“It is as you will,” he said. “It must be so. If it is that I can commend you to the future employer, you shall ask it. I will so do—gladly.”

“You’re good to say that,” replied Chick. “But I won’t need no recommend. I won’t never take no job in a printin’ shop ag’in.”

He was through with his errand and he rose to go. He appeared to be dizzy, and Donatello, thinking he was about to fall, rose and reached toward him a helping hand.

But the boy steadied himself without assistance and stood firm.

“It ain’t nothin’,” he said. “I used to have them spells; but I got over ’em. I’ll git over these.”

He put on his cap, said good-night to his sometime employer, and left the room. Donatello went with him to the head of the stairs and saw him reach the bottom of the flight in safety, then he returned to his room. But he did not immediately resume his work. He sat, for many minutes, his chin in his hand, in deep thought.

The day following the outbreak at the mills was Saturday. From early morning rumors of further trouble had filled the air. Yet everything was quiet. No union workmen had been molested, even the pickets of the Industrial workers had been withdrawn. People versed in the ways of syndicalism predicted that it was the calm before the storm.
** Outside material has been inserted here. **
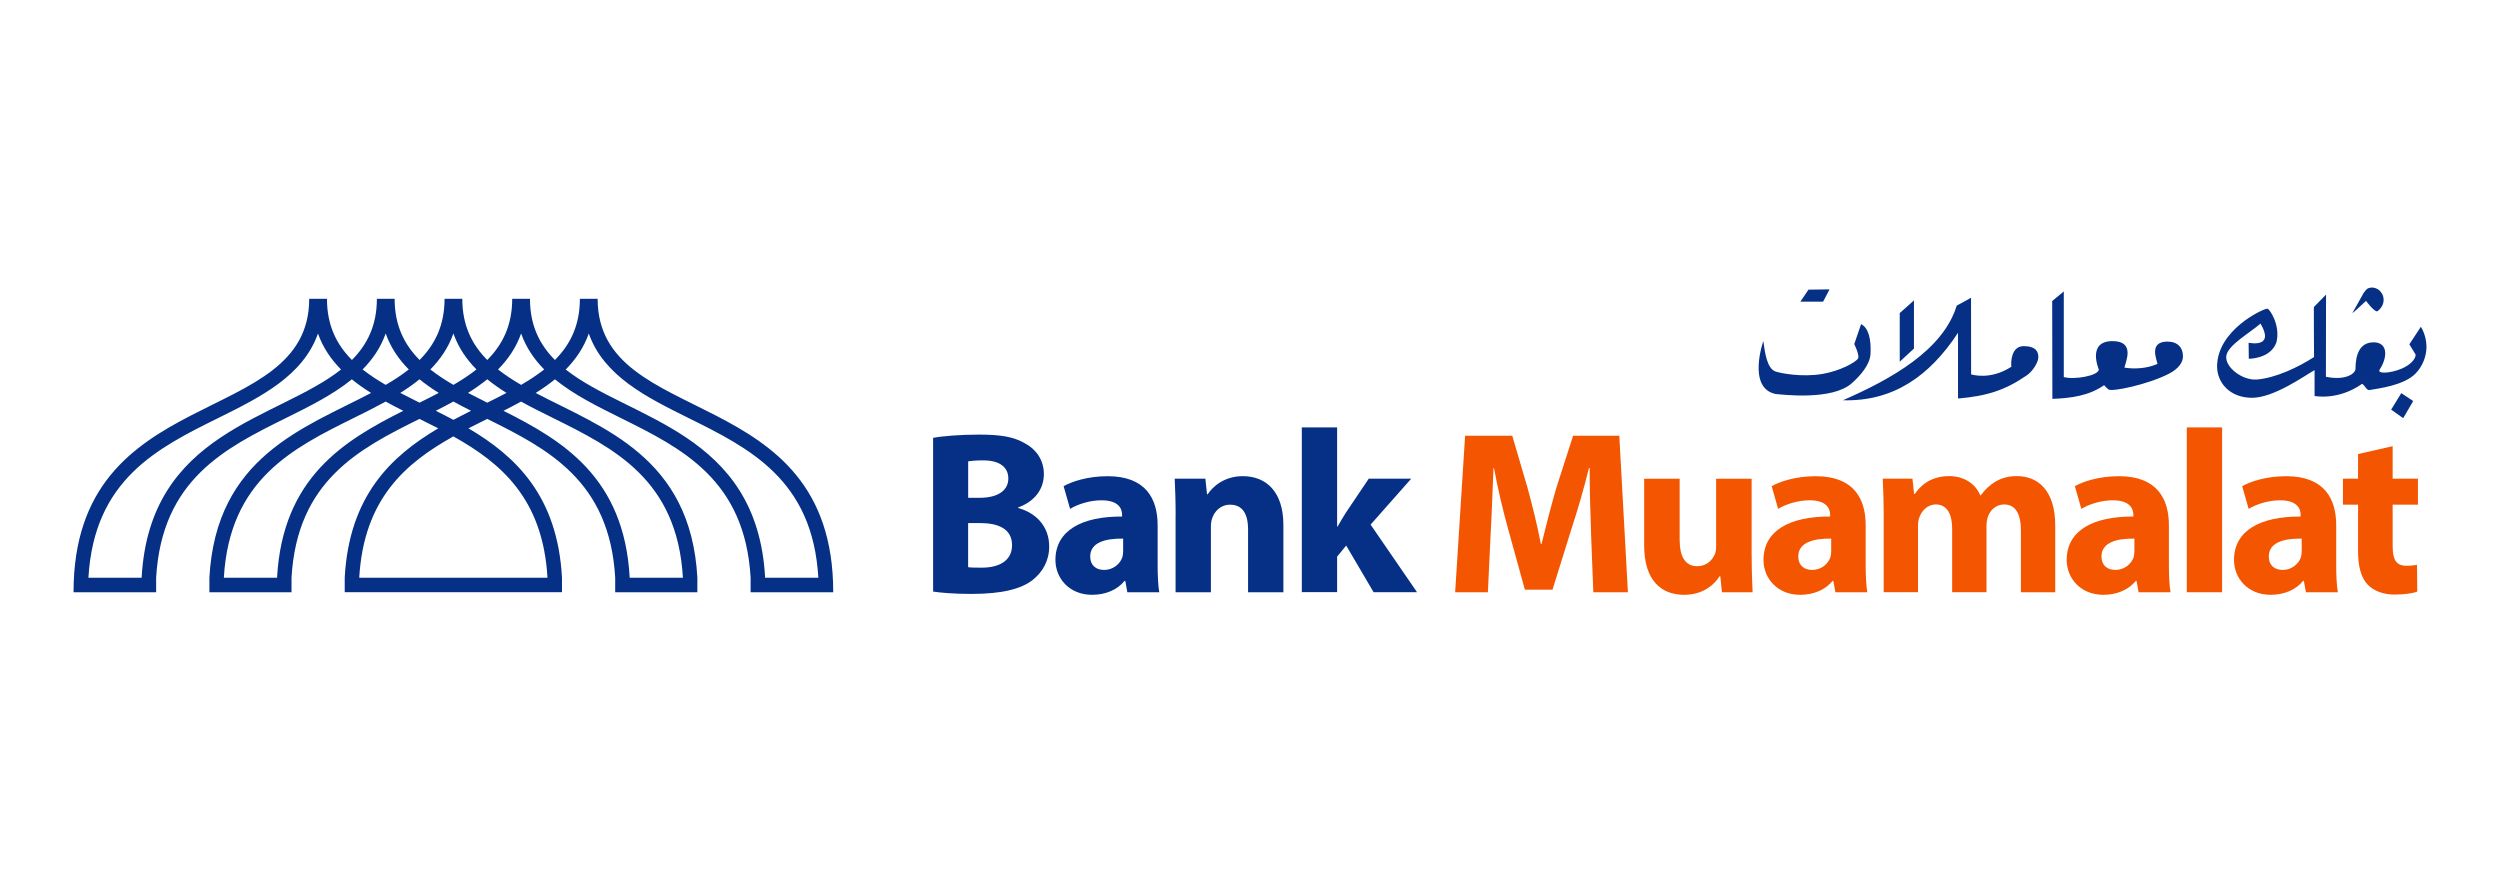 <?xml version="1.0" encoding="UTF-8"?> <svg xmlns="http://www.w3.org/2000/svg" width="170" height="60" viewBox="0 0 170 60" fill="none"><path d="M63.452 29.774C64.083 29.649 65.362 29.553 66.563 29.553C68.03 29.553 68.931 29.695 69.704 30.152C70.447 30.547 70.983 31.273 70.983 32.237C70.983 33.201 70.431 34.069 69.23 34.51V34.543C70.447 34.875 71.345 35.789 71.345 37.164C71.345 38.128 70.904 38.884 70.24 39.424C69.467 40.039 68.171 40.387 66.056 40.387C64.873 40.387 63.988 40.308 63.452 40.229V29.777V29.774ZM65.836 33.849H66.626C67.888 33.849 68.566 33.329 68.566 32.54C68.566 31.75 67.951 31.306 66.862 31.306C66.343 31.306 66.04 31.339 65.836 31.369V33.849ZM65.836 38.569C66.073 38.601 66.356 38.601 66.767 38.601C67.856 38.601 68.819 38.19 68.819 37.069C68.819 35.947 67.856 35.569 66.655 35.569H65.833V38.569H65.836Z" fill="#053086"></path><path d="M76.66 40.272L76.519 39.499H76.473C75.966 40.114 75.177 40.447 74.263 40.447C72.7 40.447 71.769 39.309 71.769 38.078C71.769 36.072 73.569 35.109 76.302 35.125V35.013C76.302 34.602 76.081 34.02 74.897 34.02C74.108 34.02 73.272 34.29 72.766 34.605L72.325 33.059C72.861 32.76 73.921 32.382 75.325 32.382C77.897 32.382 78.719 33.898 78.719 35.714V38.398C78.719 39.141 78.752 39.851 78.831 40.276H76.667L76.66 40.272ZM76.377 36.625C75.114 36.608 74.134 36.908 74.134 37.842C74.134 38.457 74.545 38.756 75.082 38.756C75.68 38.756 76.17 38.361 76.328 37.871C76.361 37.746 76.374 37.602 76.374 37.46V36.625H76.377Z" fill="#053086"></path><path d="M79.943 35.013C79.943 34.05 79.91 33.23 79.88 32.55H81.965L82.077 33.609H82.123C82.439 33.119 83.228 32.379 84.508 32.379C86.086 32.379 87.27 33.421 87.27 35.694V40.272H84.869V35.993C84.869 35 84.521 34.319 83.653 34.319C82.988 34.319 82.594 34.776 82.436 35.22C82.373 35.362 82.34 35.599 82.34 35.819V40.272H79.939V35.013H79.943Z" fill="#053086"></path><path d="M90.928 35.803H90.961C91.135 35.487 91.322 35.171 91.513 34.872L93.075 32.55H95.963L93.2 35.674L96.358 40.269H93.404L91.54 37.095L90.924 37.852V40.266H88.523V29.063H90.924V35.806L90.928 35.803Z" fill="#053086"></path><path d="M108.192 36.197C108.146 34.918 108.096 33.372 108.096 31.823H108.05C107.718 33.181 107.277 34.697 106.866 35.944L105.57 40.098H103.692L102.554 35.977C102.206 34.73 101.844 33.214 101.591 31.826H101.558C101.495 33.263 101.446 34.905 101.367 36.23L101.176 40.272H98.95L99.627 29.632H102.834L103.876 33.184C104.209 34.414 104.541 35.743 104.778 36.99H104.824C105.123 35.76 105.488 34.352 105.833 33.168L106.971 29.632H110.112L110.698 40.272H108.346L108.188 36.2L108.192 36.197Z" fill="#F45500"></path><path d="M119.114 37.792C119.114 38.802 119.147 39.624 119.177 40.272H117.092L116.98 39.184H116.934C116.634 39.657 115.908 40.447 114.52 40.447C112.957 40.447 111.803 39.466 111.803 37.085V32.553H114.217V36.704C114.217 37.825 114.579 38.503 115.417 38.503C116.082 38.503 116.46 38.046 116.618 37.667C116.68 37.526 116.697 37.335 116.697 37.148V32.553H119.111V37.796L119.114 37.792Z" fill="#F45500"></path><path d="M124.807 40.272L124.666 39.499H124.62C124.114 40.114 123.324 40.447 122.41 40.447C120.848 40.447 119.917 39.309 119.917 38.078C119.917 36.072 121.716 35.109 124.449 35.125V35.013C124.449 34.602 124.229 34.02 123.045 34.02C122.255 34.02 121.42 34.29 120.913 34.605L120.473 33.059C121.009 32.76 122.068 32.382 123.472 32.382C126.044 32.382 126.866 33.898 126.866 35.714V38.398C126.866 39.141 126.899 39.851 126.978 40.276H124.814L124.807 40.272ZM124.525 36.625C123.262 36.608 122.282 36.908 122.282 37.842C122.282 38.457 122.693 38.756 123.229 38.756C123.827 38.756 124.317 38.361 124.475 37.871C124.508 37.746 124.521 37.602 124.521 37.46V36.625H124.525Z" fill="#F45500"></path><path d="M128.09 35.013C128.09 34.049 128.057 33.23 128.027 32.55H130.047L130.159 33.592H130.205C130.537 33.102 131.214 32.375 132.543 32.375C133.536 32.375 134.326 32.882 134.658 33.684H134.691C134.974 33.29 135.322 32.974 135.684 32.754C136.112 32.5 136.585 32.375 137.151 32.375C138.634 32.375 139.756 33.418 139.756 35.724V40.272H137.421V36.072C137.421 34.951 137.059 34.303 136.283 34.303C135.73 34.303 135.335 34.681 135.178 35.138C135.115 35.312 135.082 35.566 135.082 35.753V40.269H132.747V35.944C132.747 34.964 132.398 34.303 131.642 34.303C131.027 34.303 130.662 34.776 130.52 35.171C130.441 35.362 130.425 35.582 130.425 35.77V40.269H128.09V35.01V35.013Z" fill="#F45500"></path><path d="M145.426 40.272L145.285 39.499H145.239C144.732 40.114 143.943 40.447 143.028 40.447C141.466 40.447 140.535 39.309 140.535 38.078C140.535 36.072 142.334 35.109 145.068 35.125V35.013C145.068 34.602 144.847 34.02 143.663 34.02C142.874 34.02 142.038 34.29 141.532 34.605L141.091 33.059C141.627 32.76 142.686 32.382 144.091 32.382C146.663 32.382 147.485 33.898 147.485 35.714V38.398C147.485 39.141 147.518 39.851 147.597 40.276H145.433L145.426 40.272ZM145.143 36.625C143.88 36.608 142.9 36.908 142.9 37.842C142.9 38.457 143.311 38.756 143.847 38.756C144.446 38.756 144.936 38.361 145.094 37.871C145.127 37.746 145.14 37.602 145.14 37.46V36.625H145.143Z" fill="#F45500"></path><path d="M148.702 29.063H151.103V40.272H148.702V29.063Z" fill="#F45500"></path><path d="M156.803 40.272L156.661 39.499H156.615C156.109 40.114 155.319 40.447 154.405 40.447C152.843 40.447 151.912 39.309 151.912 38.078C151.912 36.072 153.711 35.109 156.444 35.125V35.013C156.444 34.602 156.224 34.02 155.04 34.02C154.25 34.02 153.415 34.29 152.908 34.605L152.468 33.059C153.004 32.76 154.063 32.382 155.467 32.382C158.039 32.382 158.862 33.898 158.862 35.714V38.398C158.862 39.141 158.894 39.851 158.973 40.276H156.809L156.803 40.272ZM156.52 36.625C155.257 36.608 154.277 36.908 154.277 37.842C154.277 38.457 154.688 38.756 155.224 38.756C155.822 38.756 156.313 38.361 156.47 37.871C156.503 37.746 156.516 37.602 156.516 37.46V36.625H156.52Z" fill="#F45500"></path><path d="M162.7 30.34V32.55H164.42V34.319H162.7V37.115C162.7 38.045 162.92 38.473 163.647 38.473C163.946 38.473 164.183 38.44 164.357 38.411L164.374 40.226C164.058 40.351 163.489 40.43 162.812 40.43C162.039 40.43 161.391 40.16 161.013 39.766C160.572 39.309 160.348 38.565 160.348 37.477V34.319H159.322V32.55H160.348V30.876L162.7 30.34Z" fill="#F45500"></path><path d="M35.436 22.676C35.775 23.637 36.324 24.433 37.005 25.123C36.528 25.498 36.002 25.843 35.436 26.172C34.87 25.843 34.344 25.498 33.867 25.123C34.548 24.433 35.097 23.637 35.436 22.676ZM30.832 27.304C31.223 27.521 31.624 27.728 32.029 27.932C31.631 28.133 31.23 28.337 30.832 28.55C30.434 28.337 30.032 28.133 29.634 27.932C30.039 27.728 30.44 27.518 30.832 27.304ZM28.529 27.383C28.085 27.162 27.648 26.942 27.22 26.718C27.681 26.429 28.118 26.123 28.526 25.791C28.934 26.123 29.375 26.432 29.835 26.718C29.411 26.942 28.973 27.159 28.526 27.383H28.529ZM31.825 26.718C32.285 26.429 32.723 26.123 33.134 25.791C33.542 26.123 33.982 26.432 34.443 26.718C34.019 26.942 33.581 27.159 33.134 27.383C32.69 27.162 32.252 26.942 31.825 26.718ZM30.832 22.676C31.17 23.637 31.72 24.433 32.4 25.123C31.924 25.498 31.397 25.843 30.832 26.172C30.266 25.843 29.74 25.498 29.263 25.123C29.944 24.433 30.493 23.637 30.832 22.676ZM26.227 22.676C26.566 23.637 27.115 24.433 27.796 25.123C27.319 25.498 26.793 25.843 26.227 26.172C25.661 25.843 25.135 25.498 24.658 25.123C25.339 24.433 25.888 23.637 26.227 22.676ZM6.013 39.285C6.398 32.609 10.7 30.474 14.867 28.412C17.695 27.011 20.603 25.57 21.622 22.68C21.961 23.64 22.511 24.436 23.191 25.127C18.85 28.554 10.17 29.343 9.631 39.285H6.013ZM15.222 39.285C15.607 32.609 19.909 30.474 24.076 28.412C24.8 28.054 25.526 27.692 26.227 27.307C26.618 27.524 27.02 27.731 27.424 27.935C23.418 29.948 19.212 32.461 18.84 39.285H15.222ZM35.584 39.285H24.428C24.737 33.925 27.569 31.494 30.828 29.675C34.088 31.494 36.923 33.925 37.229 39.285H35.581H35.584ZM42.82 39.285C42.452 32.458 38.245 29.945 34.236 27.935C34.64 27.731 35.041 27.521 35.433 27.307C36.133 27.695 36.86 28.054 37.584 28.412C41.751 30.478 46.053 32.609 46.438 39.285H42.82ZM14.235 40.272H19.823V39.285C20.202 32.688 24.408 30.527 28.526 28.485C28.954 28.695 29.378 28.909 29.802 29.126C26.589 31.024 23.741 33.721 23.441 39.282V40.269H38.215V39.282C37.916 33.721 35.068 31.02 31.855 29.126C32.279 28.909 32.706 28.695 33.131 28.485C37.252 30.527 41.455 32.688 41.833 39.285V40.272H47.421V39.285C46.977 31.053 40.952 29.096 36.426 26.722C36.887 26.432 37.324 26.126 37.735 25.794C39.018 26.84 40.616 27.633 42.188 28.412C46.356 30.478 50.657 32.609 51.042 39.285V40.272H56.66C56.66 25.837 40.639 29.274 40.639 20.318H39.432C39.432 22.127 38.778 23.429 37.735 24.479C36.693 23.433 36.038 22.127 36.038 20.318H34.831C34.831 22.127 34.176 23.429 33.134 24.479C32.091 23.433 31.437 22.127 31.437 20.318H30.23C30.23 22.127 29.575 23.429 28.533 24.479C27.49 23.433 26.835 22.127 26.835 20.318H25.628C25.628 22.127 24.974 23.429 23.931 24.479C22.889 23.433 22.234 22.127 22.234 20.318H21.027C21.021 29.271 5 25.837 5 40.272H10.618V39.285C11.002 32.609 15.304 30.474 19.471 28.412C21.044 27.633 22.642 26.84 23.925 25.794C24.333 26.126 24.773 26.436 25.234 26.722C20.708 29.096 14.683 31.053 14.239 39.285V40.272H14.235ZM52.029 39.285C51.49 29.343 42.81 28.554 38.469 25.127C39.149 24.436 39.699 23.64 40.037 22.68C41.06 25.57 43.965 27.011 46.793 28.412C50.96 30.478 55.262 32.609 55.647 39.285H52.029Z" fill="#053086"></path><path d="M161.825 25.123C161.598 25.442 162.562 25.396 163.344 25.054C163.841 24.837 164.262 24.456 164.265 24.117L163.838 23.413C163.838 23.413 164.578 22.278 164.617 22.222C164.805 22.509 165.018 23.061 164.999 23.663C164.979 24.265 164.729 24.916 164.259 25.399C163.453 26.225 161.687 26.419 161.137 26.521C160.943 26.574 160.822 26.225 160.628 26.097C158.973 27.264 157.391 26.925 157.391 26.925V25.166C156.697 25.561 154.619 27.05 153.139 27.05C151.659 27.05 150.777 26.061 150.761 24.932C150.761 22.439 153.892 20.989 154.178 20.989C154.333 20.989 155.096 22.14 154.793 23.288C154.395 24.41 152.918 24.396 152.918 24.396L152.905 23.304C152.905 23.304 154.727 23.715 153.714 22.002C153.03 22.617 151.468 23.469 151.386 24.222C151.303 24.975 152.484 25.886 153.468 25.807C154.747 25.702 156.286 24.972 157.355 24.278C157.342 23.469 157.342 20.88 157.342 20.88L158.171 20.032L158.161 25.62C159.562 25.906 160.174 25.367 160.174 25.087C160.174 24.183 160.424 23.278 161.407 23.278C162.391 23.278 162.364 24.304 161.818 25.127L161.825 25.123ZM133.056 20.785C132.125 23.821 128.6 25.781 125.317 27.218C128.738 27.314 131.208 25.577 133.145 22.63V27.1C135.095 26.932 136.342 26.544 137.825 25.521C138.24 25.235 138.608 24.627 138.608 24.288C138.608 23.949 138.473 23.538 137.611 23.538C136.75 23.538 136.733 24.65 136.773 24.939C135.306 25.89 134.036 25.455 134.036 25.455L134.03 20.246C134.03 20.246 133.267 20.683 133.056 20.782V20.785ZM143.081 26.195C143.081 26.195 143.236 26.373 143.38 26.485C143.62 26.656 146.051 26.149 147.472 25.422C148.179 25.061 148.442 24.617 148.442 24.225C148.442 23.646 148.093 23.229 147.383 23.229C146.074 23.229 146.682 24.505 146.709 24.745C146.018 25.057 145.15 25.11 144.459 24.998C144.551 24.597 145.209 23.196 143.653 23.196C141.89 23.196 142.719 25.12 142.719 25.12C142.713 25.551 141.052 25.837 140.338 25.64V19.818L139.549 20.469L139.562 27.123C140.818 27.077 142.038 26.919 143.081 26.192V26.195ZM126.36 24.36C126.202 24.64 125.13 25.219 123.939 25.426C122.515 25.672 121.028 25.37 120.726 25.258C120.167 25.051 120.019 24.038 119.904 23.193C119.904 23.193 118.789 26.38 120.736 26.791C121.206 26.834 124.594 27.251 125.929 26.054C126.495 25.547 127.152 24.817 127.195 24.067C127.251 23.041 127.044 22.278 126.554 22.041C126.416 22.439 126.09 23.396 126.09 23.396C126.09 23.396 126.449 24.12 126.357 24.363L126.36 24.36ZM130.149 20.427L129.182 21.291V24.597L130.149 23.702V20.423V20.427ZM161.66 21.17C162.236 20.742 162.203 20.035 161.716 19.683C161.46 19.522 161.2 19.529 161.022 19.608C160.94 19.644 160.772 19.844 160.733 19.91C160.529 20.256 160.157 20.963 159.957 21.298C159.98 21.311 160.891 20.459 160.891 20.459C160.891 20.459 161.45 21.229 161.66 21.167V21.17ZM163.417 28.435C163.65 28.037 163.861 27.672 164.098 27.271C163.811 27.08 163.561 26.912 163.288 26.732C163.042 27.133 162.831 27.481 162.598 27.856C162.877 28.054 163.124 28.228 163.417 28.435ZM123.972 20.512L124.409 19.677L122.976 19.696L122.426 20.512H123.972Z" fill="#053086"></path></svg>

They were right.

At noon, information, carried by dependable spies, reached the Barriscale headquarters to the effect that the cause of the Industrialists in Fairweather had been taken up by their brethren in a neighboring city, and that active and aggressive aid was to be immediately forthcoming. Incensed at the treatment of their fellows by the police, angered that one of their women should be wounded, they were to march in a body on the Barriscale works, and demand reinstatement for their brethren, under penalty of having the works taken over by the Industrialist army.

It was a desperate programme; it called for drastic measures of prevention. The chief of police admitted that his force would be unable to cope with such a body of marchers and rioters as the Industrialists could undoubtedly muster. The state police had troubles of their own at the coal mines and could not be spared. It was plain that the National Guard must be looked to for protection.